Чтобы как можно больше людей было охвачено денежным обращением (в экономике это и называется эффектом мультипликатора), Август создавал «новые рабочие места»:
…он учредил новые должности: попечение об общественных постройках, о дорогах, о водопроводах, о русле Тибра, о распределении хлеба народу, городскую префектуру, комиссию триумвиров для выбора сенаторов и другую такую же комиссию — для проверки турм всадников… Впервые после долгого перерыва он назначил цензоров; число преторов он увеличил; он требовал даже, чтобы ему позволено было и каждое свое консульство иметь двух товарищей вместо одного. [Suet. 37]
К концу жизни роль «отца отечества» стала Августа утомлять. Он стал склоняться к монетаризму, т.е. методам экономической автоматизации, сводящимся к простому принципу: «меньше народу — больше кислороду».
…римское гражданство он жаловал очень скупо, а отпуск рабов на волю ограничил. Тиберий просил его о римском гражданстве для своего клиента-грека — он написал в ответ, что лишь тогда согласится на это, когда тот сам убедит его в законности своих притязаний. Ливия просила за одного галла из податного племени — он освободил его от подати, но отказал в гражданстве, заявив, что ему легче перенести убыток для его казны, чем унижение для чести римских граждан. А для рабов он поставил множество препятствий на пути к свободе и еще больше — на пути к полноправной свободе: он тщательно предусмотрел и количество, и положение, и состояние отпускаемых, и особо постановил, чтобы раб, хоть раз побывавший в оковах или под пыткой, уже не мог получить гражданства ни при каком отпущении.Однажды во время сильного неурожая, от которого трудно было найти средства, он выселил из Рима всех работорговцев с их рабами и ланист с их гладиаторами, всех иноземцев, кроме врачей и учителей, и даже часть рабов… Когда же снабжение наладилось, он, по его собственным словам, собирался навсегда отменить хлебные выдачи. [Suet. 40–42]
Вот такова она, деятельность подлинного императора. Напряженная, требующая обширных знаний об управляемом обществе, сверхинтуиции и недюжинной работоспособности. Далеко не каждого римского императора античные хронисты называли божественным. Август удостоен этого звания первым (если не считать Юлия Цезаря, который формально не был императором). Конечно, этот труд опасен и утомителен, но именно поэтому общество и платит национальному лидеру такую высокую цену, а не за то, что «рыночек всё порешает».

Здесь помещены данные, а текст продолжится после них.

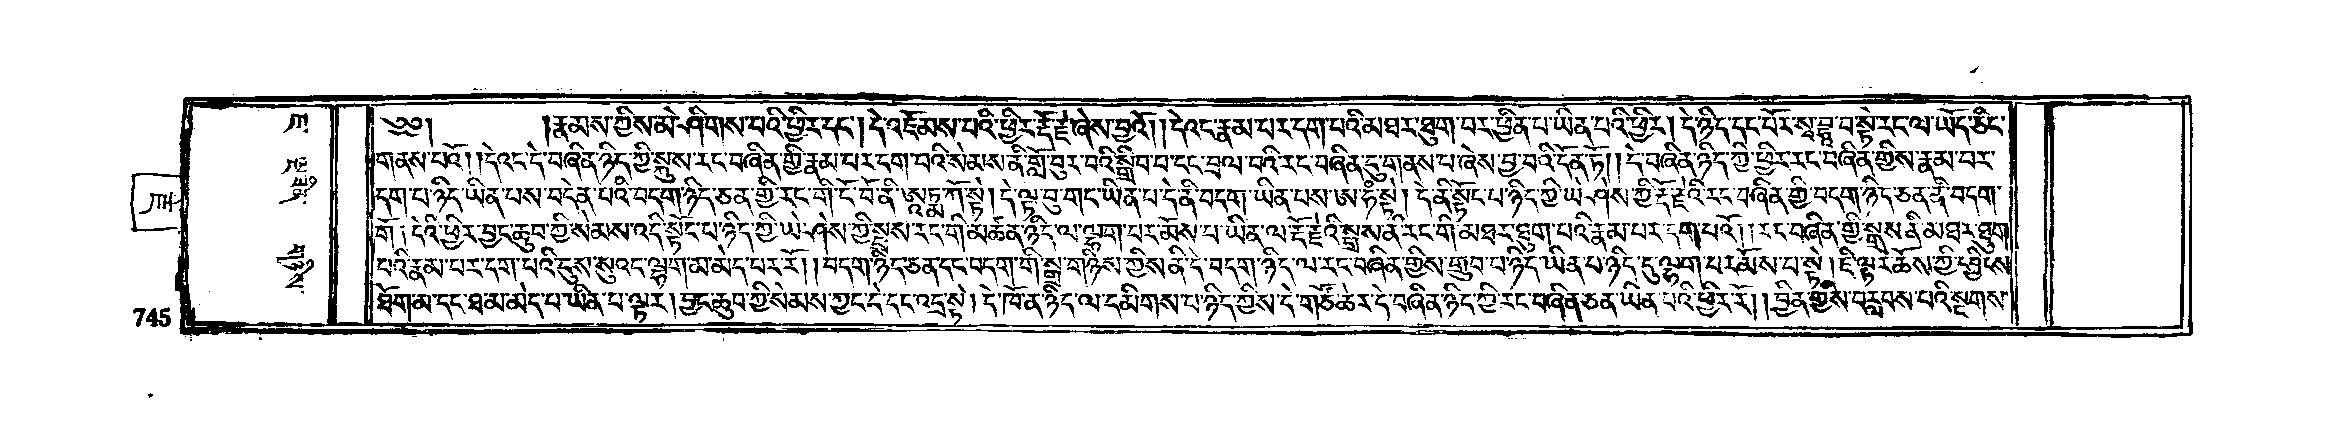༄༅། །རྣམས་ཀྱིས་མེ་ཤིགས་པའི་ཕྱིར་དང་། དེ་འཇོམས་པའི་ཕྱིར་རྡོ་རྗེ་ཞེས་བྱའོ། །དེའང་རྣམ་པར་དག་པའི་མཐར་ཐུག་བར་ཕྱིན་པ་ཡིན་པའི་ཕྱིར། དེ་ཉིད་དང་པོར་སྭ་བྷཱ་བ་སྟེ་རང་ལ་ཡོད་ཅིང་
གནས་པའོ། །དེའང་དེ་བཞིན་ཉིད་ཀྱི་སྐུས་རང་བཞིན་གྱི་རྣམ་པར་དག་པའི་སེམས་ནི་གློ་བུར་བའི་སྒྲིབ་པ་དང་བྲལ་བའི་རང་བཞིན་དུ་གནས་པ་ཞེས་བྱ་བའི་དོན་ཏོ། །དེ་བཞིན་ཉིད་ཀྱི་ཕྱིར་རང་བཞིན་གྱིས་རྣམ་པར་
དག་པ་ཉིད་ཡིན་པས་བདེན་པའི་བདག་ཉིད་ཅན་གྱི་རང་གི་ངོ་བོ་ནི་ཨཱཏྨ་ཀོ་སྟེ། དེ་ལྟ་བུ་གང་ཡིན་པ་དེ་ནི་བདག་ཡིན་པས་ཨ་ཧཾ་སྟེ། དེ་ནི་སྟོང་པ་ཉིད་ཀྱི་ཡེ་ཤེས་ཀྱི་རྡོ་རྗེའི་རང་བཞིན་གྱི་བདག་ཉིད་ཅན་ནི་བདག་
གོ །དེའི་ཕྱིར་བྱང་ཆུབ་ཀྱི་སེམས་འདི་སྟོང་པ་ཉིད་ཀྱི་ཡེ་ཤེས་ཀྱི་སྒྲས་རང་གི་མཚན་ཉིད་ལ་ལྷག་པར་མོས་པ་ཡིན་ལ་རྡོ་རྗེའི་སྒྲས་ནི་རང་གི་མཐར་ཐུག་པའི་རྣམ་པར་དག་པའོ། །རང་བཞིན་གྱི་སྒྲས་ནི་མཐར་ཐུག་
པའི་རྣམ་པར་དག་པའི་དུས་སུའང་ལྷག་མ་མེད་པར་རོ། །བདག་ཉིད་ཅན་དང་བདག་གི་སྒྲ་གཉིས་ཀྱིས་ནི་དེ་བདག་ཉིད་ལ་རང་བཞིན་གྱིས་གྲུབ་པ་ཉིད་ཡིན་པ་ཉིད་དུ་ལྷག་པར་མོས་པ་སྟེ། ཇི་ལྟར་ཆོས་ཀྱི་དབྱིངས་
ཐོག་མ་དང་ཐ་མ་མེད་པ་ཡིན་པ་ལྟར། བྱང་ཆུབ་ཀྱི་སེམས་ཀྱང་དེ་དང་འདྲ་སྟེ། དེ་ཁོ་ན་ཉིད་ལ་དམིགས་པ་ཉིད་ཀྱིས་དེ་གཙོ་ཆེར་དེ་བཞིན་ཉིད་ཀྱི་རང་བཞིན་ཅན་ཡིན་པའི་ཕྱིར་རོ། །བྱིན་གྱིས་བརླབས་པའི་སྔགས་

Казалось бы, римлянам просто повезло с Августом. После него бывали на вершине власти и кровавые деспоты (Калигула, Нерон), и слабохарактерные вроде Клавдия. Но я далек от того, чтобы видеть в правлении Октавиана простую случайность. Им закончилась эпоха гражданских войн. Причина всех проскрипций, начиная с Мария, одна: бескормица. Устранить избыточное население, которое нет средств обеспечить хлебом, и посадить на голодный паек остальных, предварительно запугав — вот и вся экономика, нашедшая, кстати, свое продолжение в большевистской России XX века. Пример Августа показывает, что для успешного управления многочисленным и цивилизованным обществом нужна не только воля к власти, но и некоторая профессиональная пригодность, обусловленная происхождением, воспитанием, глубокими знаниями, опытом политической деятельности. Критерием успешности здесь является естественный рост численности населения и усложнение государственных институтов, повышение их эффективности. Пещерный же принцип «своим — всё, остальным — закон» подходит, разве что, для управления дворовой шпаной, да и то с некоторыми оговорками.